JKing2000 commented 10 months ago

I think we have the same issue.

I suspect it may have something to do with rmblast. I tried changing my local repeatmodeler to use rmblast from conda, and run time improved significantly compared to using my local rmblast. Although repeatclassifier is still a bit slower compared to using conda. (see log files below, very similar run times from both local and conda) I simply changed the RMBLAST_DIR in the RepModelConfig.pm configuration file to the conda rmblast bin. Everything else is still pointing to the local bins (Repeatmasker, TRF etc)

Here's the log files. conda.log local-with-conda-rmblast.log

rmhubley commented 10 months ago

How was RMBlast installed locally on your systems? Was it compiled from source or did you use one of our provided binary distributions? If the latter could you provide the md5sum of the rmblastn binary ( e.g. "md5sum rmblast/bin/rmblastn" ).

JKing2000 commented 10 months ago

I tried both (pre-compiled version and compiling from source version), also tried 2.13.0 and 2.14.0. Repeatmodeler run using any of them were significantly slower (I did not complete these runs, they were terminated early as they were already taking atleast 5x longer just to generate the RM_workingdir folder).

The md5sum for rmblastn 2.14.0 I have is: 68c323efb2090f9a84f087e8972a068e

rmhubley commented 10 months ago

This is extremely helpful. Would you mind comparing run times between the local/conda rmblast packages using this script: http://www.repeatmasker.org/~rhubley/test.sh

You will need to edit the top of the script to set the directories to the local/conda installations and copy the example NC_001139.9 sequence to "NC_001139.9.fa" in the same directory.

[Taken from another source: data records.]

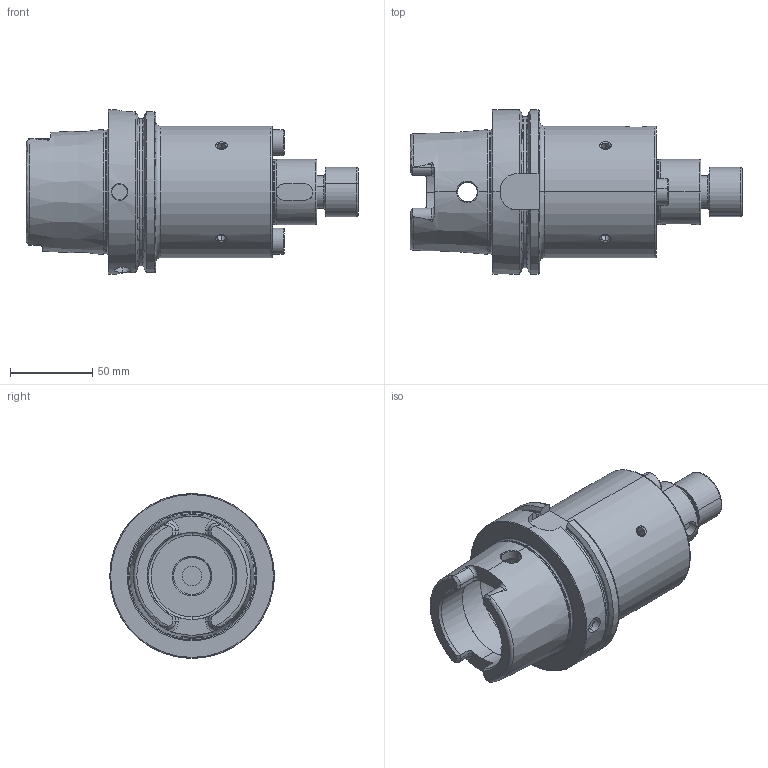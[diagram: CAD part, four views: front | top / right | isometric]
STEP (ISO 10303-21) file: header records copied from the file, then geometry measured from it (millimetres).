
FILE_DESCRIPTION (( 'STEP AP214' ), '1' );
FILE_NAME ('HA0.D40.K01.100.STEP', '2011-10-06T11:09:56', ( 'SwiAdmin' ), ( '' ), 'SwSTEP 2.0', 'SolidWorks 2011', '' );
FILE_SCHEMA (( 'AUTOMOTIVE_DESIGN' ));
Length unit declared in the file: millimetre
Products named in the file (4): D40-ER2.001.023_B; D40-ER1.002.040_A_Default; HA0-D40.K01.100_C_Fertigbearbeitung; HA0.D40.K01.100
Assembly tree (4 placements, depth 2):
  HA0.D40.K01.100
    D40-ER1.002.040_A_Default
    HA0-D40.K01.100_C_Fertigbearbeitung
    D40-ER2.001.023_B  x2
Bounding box: 201.9 x 100 x 100 mm (x, y, z)
Volume: 648040.6 mm3; surface area: 87631 mm2
Topology: 4 solids, 4 shells, 359 faces, 858 edges, 504 vertices
Faces by surface type: cylinder 112, cone 86, plane 84, torus 71, bspline 4, sphere 2
Entity records: 12507 total; most frequent: CARTESIAN_POINT 3765, DIRECTION 1549, ORIENTED_EDGE 1496, EDGE_CURVE 748, AXIS2_PLACEMENT_3D 638, VERTEX_POINT 453, EDGE_LOOP 347, FACE_OUTER_BOUND 319

If you run this several times (just to get average runtimes) hopefully we can eliminate/implicate rmblast as the culprit. Also, does the conda rmblastn have the same md5sum signature?

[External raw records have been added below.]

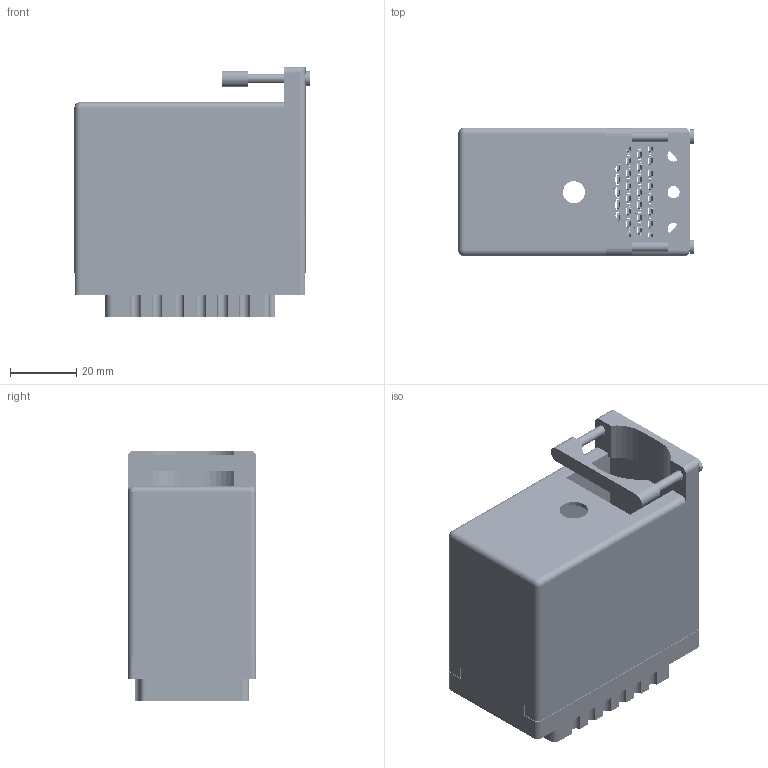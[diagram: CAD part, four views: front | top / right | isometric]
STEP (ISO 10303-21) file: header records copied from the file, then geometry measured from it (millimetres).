
FILE_DESCRIPTION (( 'STEP AP203' ), '1' );
FILE_NAME ('516-120-500-460.STEP', '2020-03-07T01:01:02', ( '' ), ( '' ), 'SwSTEP 2.0', 'SolidWorks 2016', '' );
FILE_SCHEMA (( 'CONFIG_CONTROL_DESIGN' ));
Products named in the file (4): 516-230-001_Metal - 120 Top Entry; 516-120-500-460; 516-292-001_500 Contact; 516 Part Receptacle_120
Assembly tree (122 placements, depth 2):
  516-120-500-460
    516 Part Receptacle_120
    516-292-001_500 Contact  x120
    516-230-001_Metal - 120 Top Entry
Bounding box: 71.25 x 38.86 x 75.72 mm (x, y, z)
Volume: 47370.5 mm3; surface area: 86837 mm2
Topology: 122 solids, 122 shells, 11671 faces, 33982 edges, 22568 vertices
Faces by surface type: plane 6985, cylinder 3962, bspline 720, cone 2, sphere 2
Entity records: 93001 total; most frequent: CARTESIAN_POINT 16069, ORIENTED_EDGE 15600, DIRECTION 15222, EDGE_CURVE 7800, LINE 5790, VECTOR 5790, VERTEX_POINT 5194, AXIS2_PLACEMENT_3D 4716

JKing2000 commented 10 months ago

I updated conda's installation so it's now rmblast 2.14.0 instead of 2.13.0, the md5sum for rmblastn in conda's installation is 62eb41652f25265dc7b77095c2eeb37d, not matching the one from local.

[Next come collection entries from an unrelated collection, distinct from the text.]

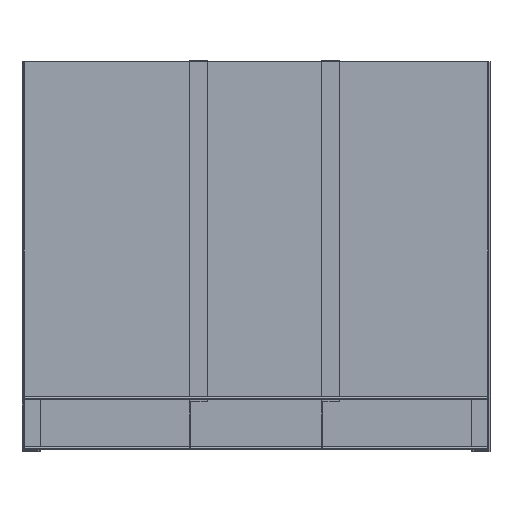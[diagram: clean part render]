
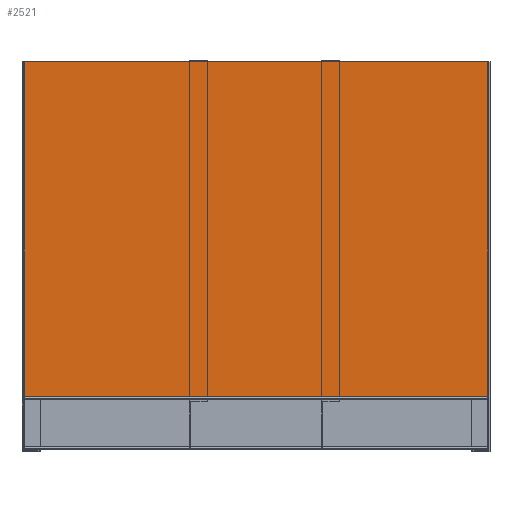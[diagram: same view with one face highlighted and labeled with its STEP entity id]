
A CAD part, front view. The second image highlights one B-rep face of the part: STEP entity #2521.
In plain terms, the highlighted planar face has unit normal (0, -1, 0).
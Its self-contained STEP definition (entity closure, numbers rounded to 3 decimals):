
#2300=DIRECTION('',(0.,0.,1.));
#2301=VECTOR('',#2300,171.72);
#2302=CARTESIAN_POINT('',(-118.75,-0.08,1.75));
#2303=LINE('',#2302,#2301);
#2307=DIRECTION('',(1.,0.,0.));
#2308=VECTOR('',#2307,237.5);
#2309=CARTESIAN_POINT('',(-118.75,-0.08,173.47));
#2310=LINE('',#2309,#2308);
#2314=DIRECTION('',(0.,0.,-1.));
#2315=VECTOR('',#2314,171.72);
#2316=CARTESIAN_POINT('',(118.75,-0.08,173.47));
#2317=LINE('',#2316,#2315);
#2321=DIRECTION('',(1.,0.,0.));
#2322=VECTOR('',#2321,237.5);
#2323=CARTESIAN_POINT('',(-118.75,-0.08,1.75));
#2324=LINE('',#2323,#2322);
#2440=CARTESIAN_POINT('',(118.75,-0.08,173.47));
#2441=CARTESIAN_POINT('',(118.75,-0.08,1.75));
#2442=VERTEX_POINT('',#2440);
#2443=VERTEX_POINT('',#2441);
#2448=CARTESIAN_POINT('',(-118.75,-0.08,1.75));
#2449=VERTEX_POINT('',#2448);
#2462=CARTESIAN_POINT('',(-118.75,-0.08,173.47));
#2463=VERTEX_POINT('',#2462);
#2507=CARTESIAN_POINT('',(-118.75,-0.08,-172.13));
#2508=DIRECTION('',(0.,-1.,0.));
#2509=DIRECTION('',(1.,0.,0.));
#2510=AXIS2_PLACEMENT_3D('',#2507,#2508,#2509);
#2511=PLANE('',#2510);
#2513=ORIENTED_EDGE('',*,*,#2512,.F.);
#2515=ORIENTED_EDGE('',*,*,#2514,.T.);
#2517=ORIENTED_EDGE('',*,*,#2516,.T.);
#2518=ORIENTED_EDGE('',*,*,#2489,.T.);
#2519=EDGE_LOOP('',(#2513,#2515,#2517,#2518));
#2520=FACE_OUTER_BOUND('',#2519,.F.);
#2489=EDGE_CURVE('',#2442,#2443,#2317,.T.);
#2512=EDGE_CURVE('',#2449,#2443,#2324,.T.);
#2514=EDGE_CURVE('',#2449,#2463,#2303,.T.);
#2516=EDGE_CURVE('',#2463,#2442,#2310,.T.);
#2521=ADVANCED_FACE('',(#2520),#2511,.T.);

I tested your script 5 times and here are the outputs: test1.txt test2.txt test3.txt test4.txt test5.txt

Doesn't seem like there is much of a difference. However, I noticed that today, for whatever reason, the local Repeatmodeler (using local rmblast) decided to run faster all of a sudden (atleast started to generate the RM_workingdir in a reasonable amount of time) but the whole run is still slower than conda. Here are the logs I ran today for comparison, ~4min (local) compared to ~1min (conda) and ~1min (local configurated to conda rmblast). (yesterday it wasn't even generating the RM_workingdir after 5-10mins using local rmblast). conda.log local.log local-with-conda-rmblast.log

drs commented 10 months ago

My conda rmblastn has a different md5sum : 9f13eb95fa97d74b15f44d4ac65709de. Version 2.14.0 (build h4565617_2 from bioconda channel).

I ran the test script twice and got similar result both time : test.log

rmhubley commented 9 months ago

Unfortunately, I cannot reproduce this problem with either version of RepeatModeler/RMBlast. Do you share this server with other users? Perhaps there is an intermittent IO/CPU load that is coincidentally throwing off the comparisons? The example you are running also might be a little too small to get good average runtime values.

drs commented 8 months ago

Thank you for your help. The computer I use is not shared with other users at this time, and I replicated the issue multiple times with various datasets (including 20-50 Mb genomes) so I am fairly confident that there was some issue. But, since the RepeatModeler/RepeatMasker module was working perfectly properly for some time, then became very slow (likely after a system update) I think that this is something very specific.

It is solved after re-installed the latest version of the tools from scratch (RepeatModeler v2.0.5, RepeatMasker v4.1.5 and RMblast v2.14.1 [locally compiled]) so I will close this issue.